There is the Apostle John, whose Revelation is the basis for much of the language of premillennial theory. He  begins, “The Revelation of Jesus Christ, which God gave him to show to His bond-servants, the things which must soon take place; and He sent and communicated it by His angel to His bond-servant John, 2 who testified to the word of God and to the testimony of Jesus Christ, even to all that he saw. Blessed is he who reads and those who hear the words of the prophecy and heed the things which are written in it; for the time is near” (1:1-3). Again, he said to me, “These words are faithful and true”; and the Lord, the God of the spirits of the prophets, sent His angel to show to His bond-servants the things which must soon take place” (22:6). And again, he wrote, “And he was saying to me, “Do not seal up the words of the prophecy of this book, for the time is near” (22:10).

Last, there is Jesus’ words on Mount Olivet.

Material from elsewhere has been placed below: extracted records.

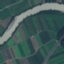
Label: River
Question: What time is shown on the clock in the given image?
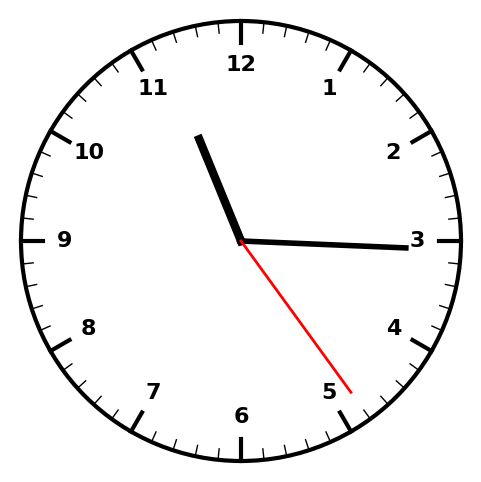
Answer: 11:15:24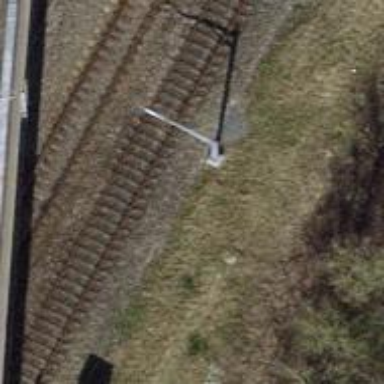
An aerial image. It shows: Power pole.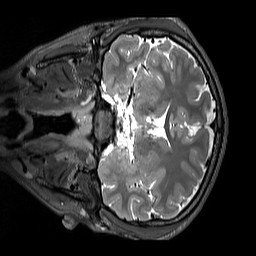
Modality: T2w
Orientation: coronal
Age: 12
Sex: male
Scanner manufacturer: siemens
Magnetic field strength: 3 T
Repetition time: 3.2 s
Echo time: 0.408 s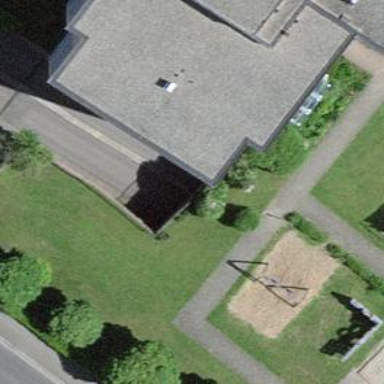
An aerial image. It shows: Parking entrance.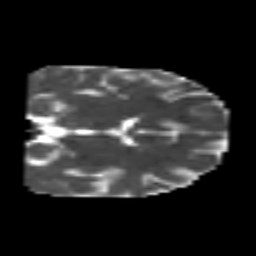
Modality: MD
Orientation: coronal
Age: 25
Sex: male
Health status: healthy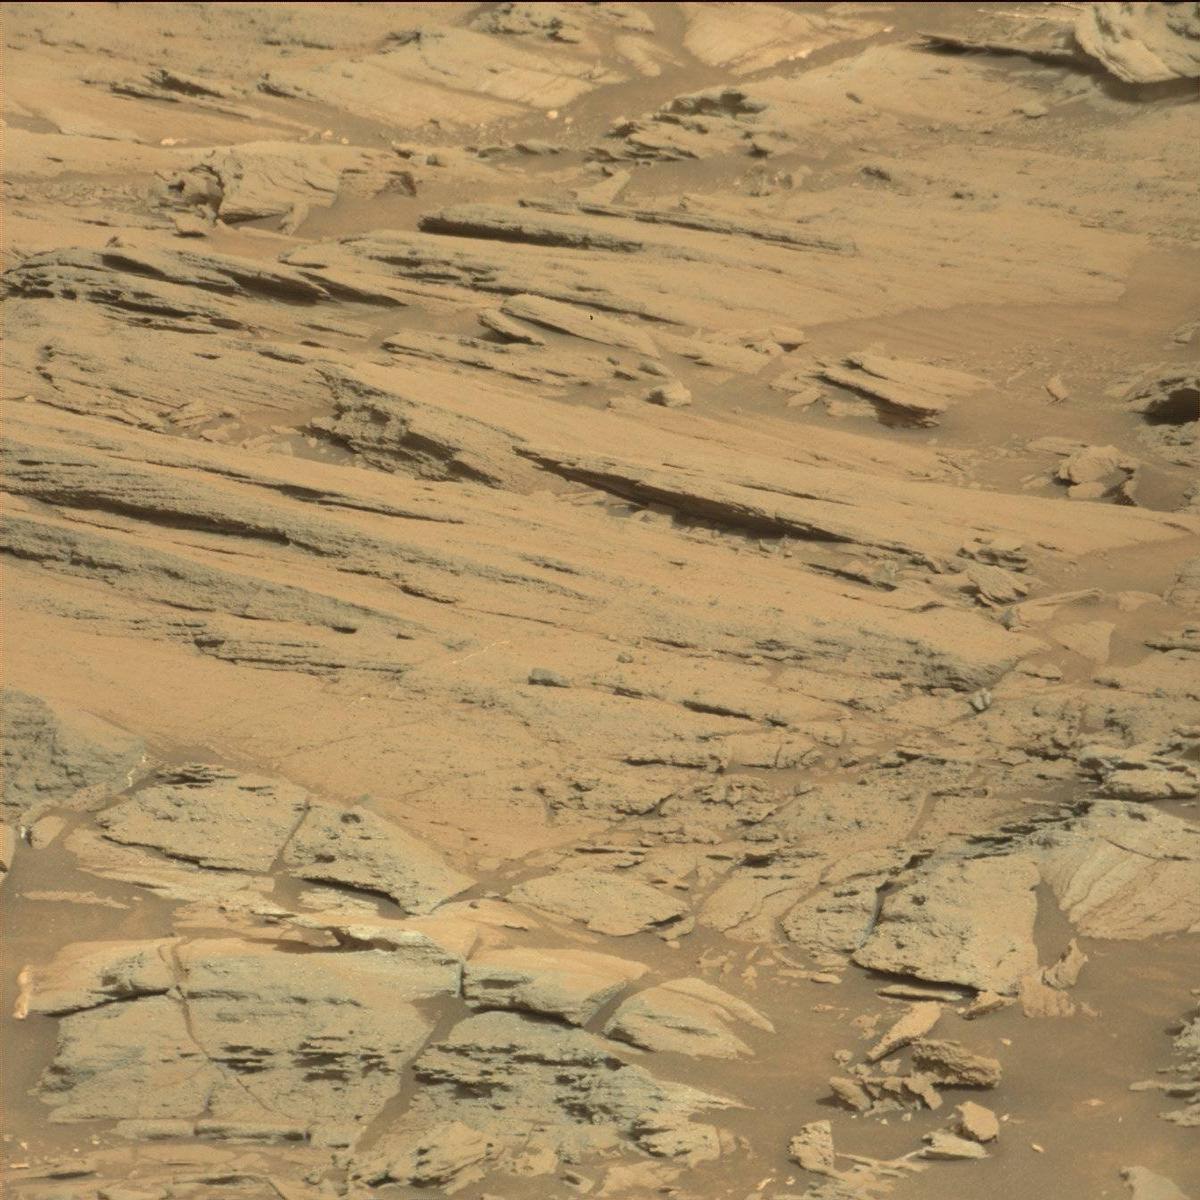
Terrain classes present: Bedrock, Sand / Soil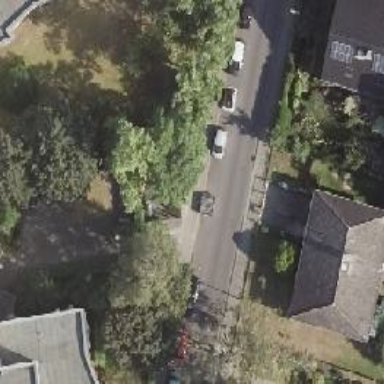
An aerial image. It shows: Asphalt road in residential area.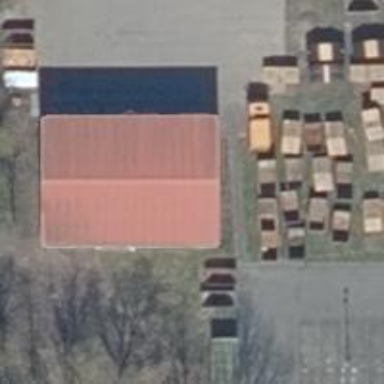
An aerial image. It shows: Industrial building.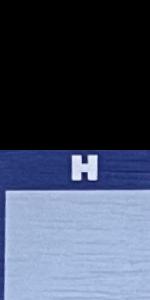
Label: Empty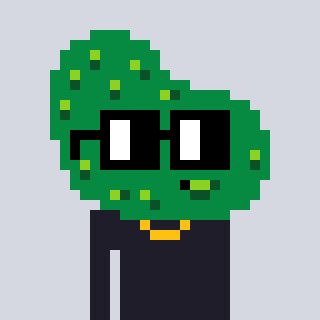
a pixel art character with square black glasses, a pickle-shaped head and a grayscale-colored body on a cool background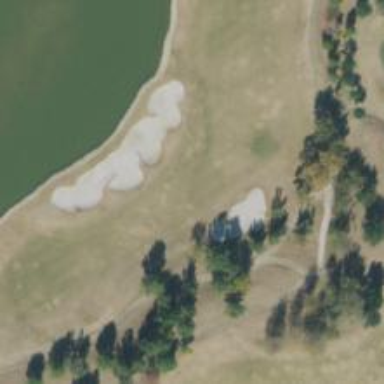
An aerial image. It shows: Sandy area is golf bunker.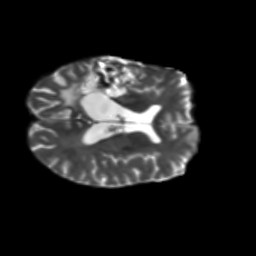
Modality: T2w
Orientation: axial
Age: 49
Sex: male
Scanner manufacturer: siemens
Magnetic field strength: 3 T
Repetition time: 5.47 s
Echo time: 0.0854 s

He says, “Truly I say to you, this generation will not pass away until all these things take place” (Matthew 24:34). That generation saw the fulfillment of the things in Matthew 24 about Jerusalem (c.f. Luke 21:20-28) – not us – unless someone would propose that Jesus was wrong. He most certainly was not.

The New Testament contains these facts and warnings connected with the end of the times or the last days. Christians living in the first century understood accurately that they were living in the last days. And by extension – so are we because the last days – as described in Scripture – began when the first good news of Christ was first preached by inspired men. The teaching of premillennialism is in error – and those who purport the “last days are upon us” are being misled and misleading.  Trust your teaching – not on theories that men have created – but on the one teaching which was begun so long ago by inspired Apostles. Build your hope on those truths for that will never lead you astray.